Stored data
-=-=-=-=-

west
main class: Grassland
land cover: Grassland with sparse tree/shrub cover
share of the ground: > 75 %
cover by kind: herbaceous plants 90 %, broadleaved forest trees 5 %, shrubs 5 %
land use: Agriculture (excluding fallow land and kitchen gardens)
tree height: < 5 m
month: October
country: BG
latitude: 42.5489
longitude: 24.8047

-=-=-=-=-

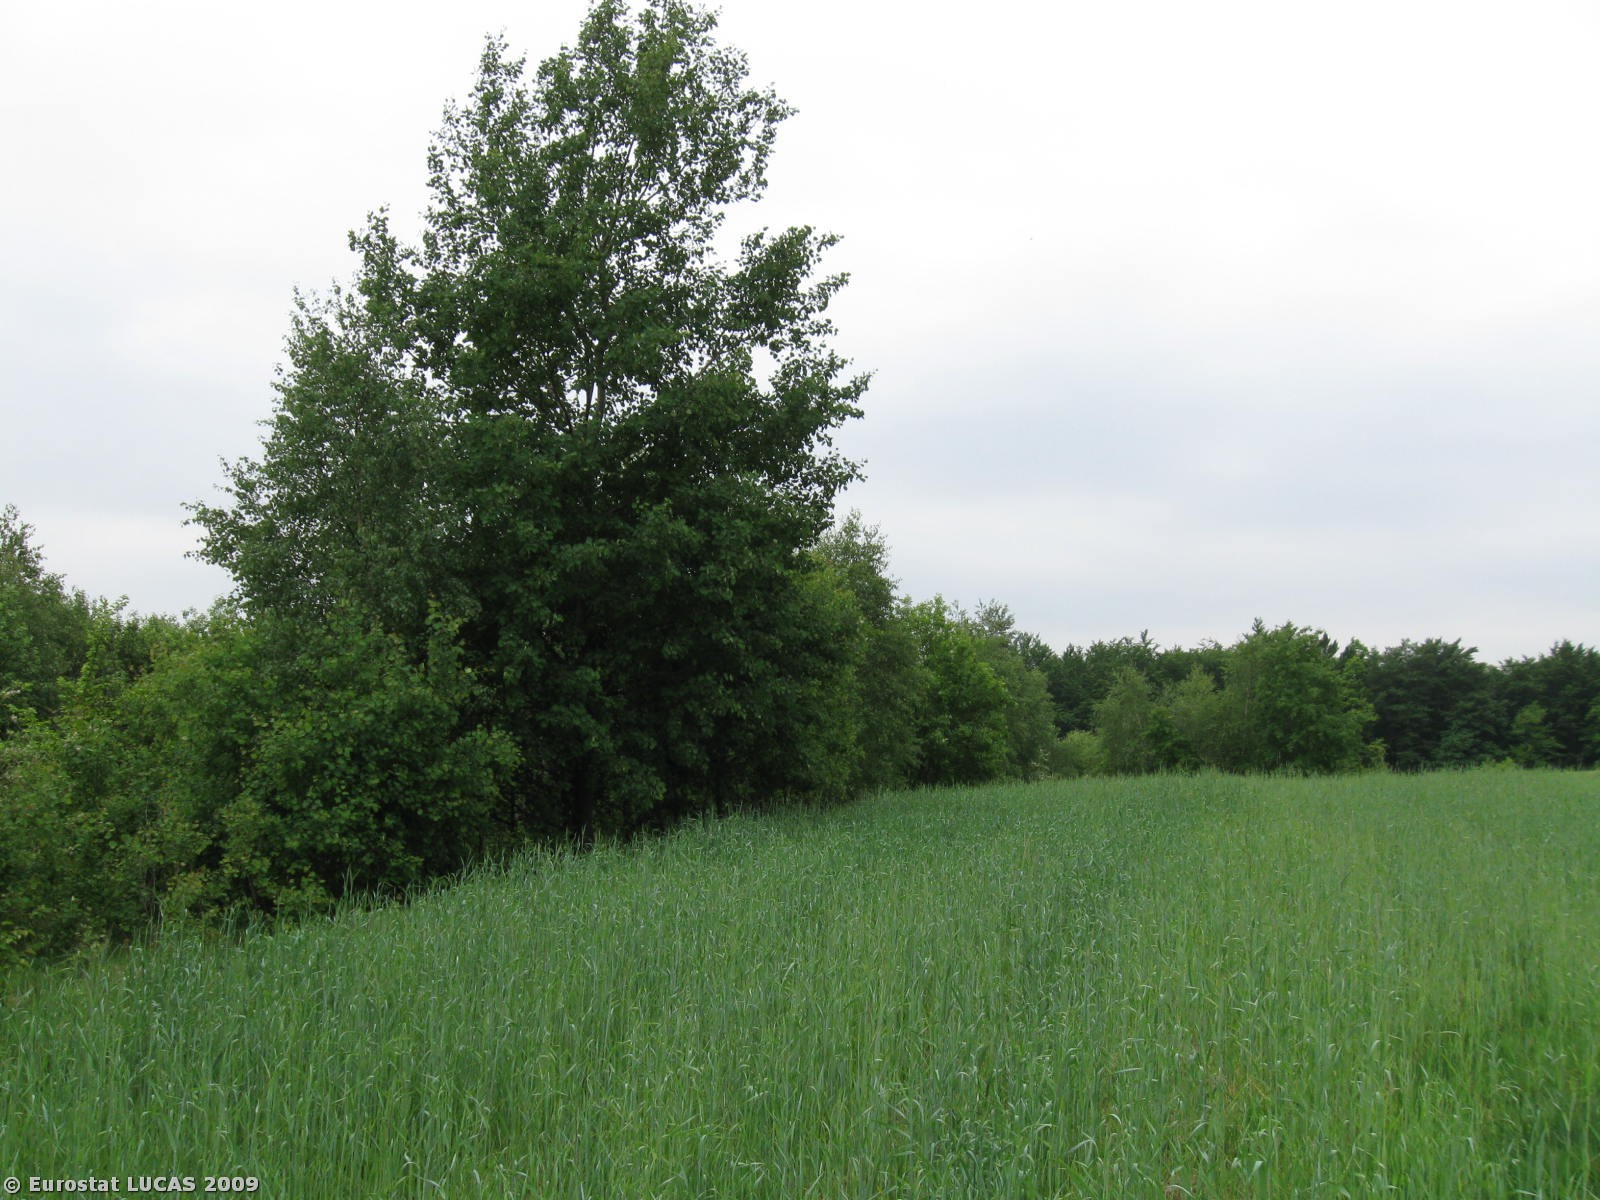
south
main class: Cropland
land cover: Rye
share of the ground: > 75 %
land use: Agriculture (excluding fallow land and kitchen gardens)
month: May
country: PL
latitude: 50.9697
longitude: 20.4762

-=-=-=-=-

#### TASK DESCRIPTION:
From the records above, print only the lines between the one holding "land cover: Rye" and the one holding "longitude: 20.4762", inclusive, exactly as they stand.

#### WRITTEN SOLUTION:
land cover: Rye
share of the ground: > 75 %
land use: Agriculture (excluding fallow land and kitchen gardens)
month: May
country: PL
latitude: 50.9697
longitude: 20.4762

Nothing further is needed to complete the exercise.